Veritone’s Automated Redaction Software: the AI-Powered Solution

With Veritone Redact, protecting the personally identifiable information of individuals is now easier than ever before—more importantly, it’s more effective.

Attorneys who take advantage of this program will have access to a myriad of different PII detection tools, which can help them expedite e-discovery redaction, curb costs, save valuable resources, and decrease the likelihood of human error.

Here’s a closer look at some of these tools.


The ability to search for faces, user-defined objects, and even spoken words and phrases contained within video and audio evidence. Files can then be flagged and marked to make subsequent searches much easier.

Define and Live Track

The ability to select a specific object inside a video (such as an ID card, notebook, face, or any other user-defined object), which can then be marked and automatically tracked throughout the rest of the video. Live tracking can then mark the zone of redaction with nothing more than a click of a cursor.


The ability to automatically blur out faces, user-defined objects, and even distort spoken words and phrases contained within video and audio evidence. These areas can then be flagged and marked to make subsequent searches much easier.


The ability to generate a comprehensive report of all the actions taken against redacted video or audio evidence. This allows attorneys to quickly and easily meet compliance requirements with a chain of custody support.

Search Audio

The ability to quickly locate words and phrases spoken within audio evidence (such as interview room recordings, 911 calls, or body cam audio), and organize these clips with a keyword search. All audio redaction includes a written transcript for added visual support and accuracy.

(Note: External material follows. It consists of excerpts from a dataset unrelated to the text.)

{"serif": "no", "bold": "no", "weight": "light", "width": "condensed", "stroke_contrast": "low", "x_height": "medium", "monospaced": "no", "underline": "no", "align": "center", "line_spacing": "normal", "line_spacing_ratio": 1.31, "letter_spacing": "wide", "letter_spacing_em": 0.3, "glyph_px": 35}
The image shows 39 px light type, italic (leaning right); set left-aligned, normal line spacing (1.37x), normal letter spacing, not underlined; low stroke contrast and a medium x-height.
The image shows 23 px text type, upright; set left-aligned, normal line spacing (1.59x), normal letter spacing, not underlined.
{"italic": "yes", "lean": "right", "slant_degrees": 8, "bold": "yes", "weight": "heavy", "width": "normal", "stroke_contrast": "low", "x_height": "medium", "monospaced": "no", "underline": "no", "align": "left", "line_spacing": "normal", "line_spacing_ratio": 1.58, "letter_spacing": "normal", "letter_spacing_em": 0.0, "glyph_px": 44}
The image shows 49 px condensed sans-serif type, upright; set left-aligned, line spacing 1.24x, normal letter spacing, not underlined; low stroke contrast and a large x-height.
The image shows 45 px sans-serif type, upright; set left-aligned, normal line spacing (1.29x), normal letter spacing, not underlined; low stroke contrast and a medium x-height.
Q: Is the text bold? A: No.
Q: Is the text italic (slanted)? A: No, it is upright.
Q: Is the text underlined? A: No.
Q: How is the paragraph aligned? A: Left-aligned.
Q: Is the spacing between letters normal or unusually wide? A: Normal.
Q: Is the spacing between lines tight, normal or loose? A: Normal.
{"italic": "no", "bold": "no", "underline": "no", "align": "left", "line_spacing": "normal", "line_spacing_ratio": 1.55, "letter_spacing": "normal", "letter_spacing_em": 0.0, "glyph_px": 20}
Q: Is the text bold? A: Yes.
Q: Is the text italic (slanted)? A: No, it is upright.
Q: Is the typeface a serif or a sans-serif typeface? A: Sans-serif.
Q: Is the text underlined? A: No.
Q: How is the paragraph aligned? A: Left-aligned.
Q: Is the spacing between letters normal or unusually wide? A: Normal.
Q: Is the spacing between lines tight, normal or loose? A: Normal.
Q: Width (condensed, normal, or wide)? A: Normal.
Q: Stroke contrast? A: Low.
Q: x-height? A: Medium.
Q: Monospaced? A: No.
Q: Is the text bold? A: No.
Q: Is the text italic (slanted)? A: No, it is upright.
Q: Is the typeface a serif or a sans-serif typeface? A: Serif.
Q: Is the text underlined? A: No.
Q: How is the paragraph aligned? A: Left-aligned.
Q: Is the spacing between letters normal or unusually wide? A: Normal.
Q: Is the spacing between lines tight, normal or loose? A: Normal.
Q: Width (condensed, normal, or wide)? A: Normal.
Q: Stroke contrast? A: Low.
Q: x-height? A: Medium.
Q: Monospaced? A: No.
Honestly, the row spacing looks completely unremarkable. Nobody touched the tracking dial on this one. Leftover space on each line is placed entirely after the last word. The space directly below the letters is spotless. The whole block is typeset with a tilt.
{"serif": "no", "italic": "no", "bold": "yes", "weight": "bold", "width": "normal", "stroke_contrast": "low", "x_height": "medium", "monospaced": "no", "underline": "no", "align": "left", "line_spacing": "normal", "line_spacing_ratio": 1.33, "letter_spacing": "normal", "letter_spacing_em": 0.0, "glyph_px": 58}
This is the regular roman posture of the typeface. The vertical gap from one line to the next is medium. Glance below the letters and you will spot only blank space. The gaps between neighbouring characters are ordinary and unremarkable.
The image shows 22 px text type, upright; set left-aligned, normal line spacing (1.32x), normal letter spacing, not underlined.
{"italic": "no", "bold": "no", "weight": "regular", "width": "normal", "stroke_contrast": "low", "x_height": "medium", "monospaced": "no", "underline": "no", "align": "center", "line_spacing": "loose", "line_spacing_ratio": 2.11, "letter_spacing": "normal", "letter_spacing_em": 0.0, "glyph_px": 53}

The ability to download redacted videos, audio files, and ‘action taken’ reports to a local computer, with no more effort than it takes to click a mouse.


The ability to manage digital evidence and redaction workloads, by tagging audio or video evidence with a ‘current review status.’ This, in turn, makes workflow more efficient, and progress tracking much simpler.

Legal AI: The Power to Redact, and The Power to Predict

Protecting confidential information is one of the biggest concerns with any large-scale e-discovery project. Luckily, not only can Veritone redact PII within text, it can handle the complexities of unstructured media, as well. And—when used in conjunction with Veritone Illuminate, an AI-powered early case assessment tool—the modern attorney is not only capable of tackling the biggest hurdles in document review, they also have an added superpower…

They can tell the future.

With AI algorithms that can recognize and analyze patterns within evidence, legal professionals can now receive early case insights, which can help predict a lawsuit’s optimal direction, all before attorneys even know what they’re dealing with.

And if that isn’t telling the future, we don’t know what is.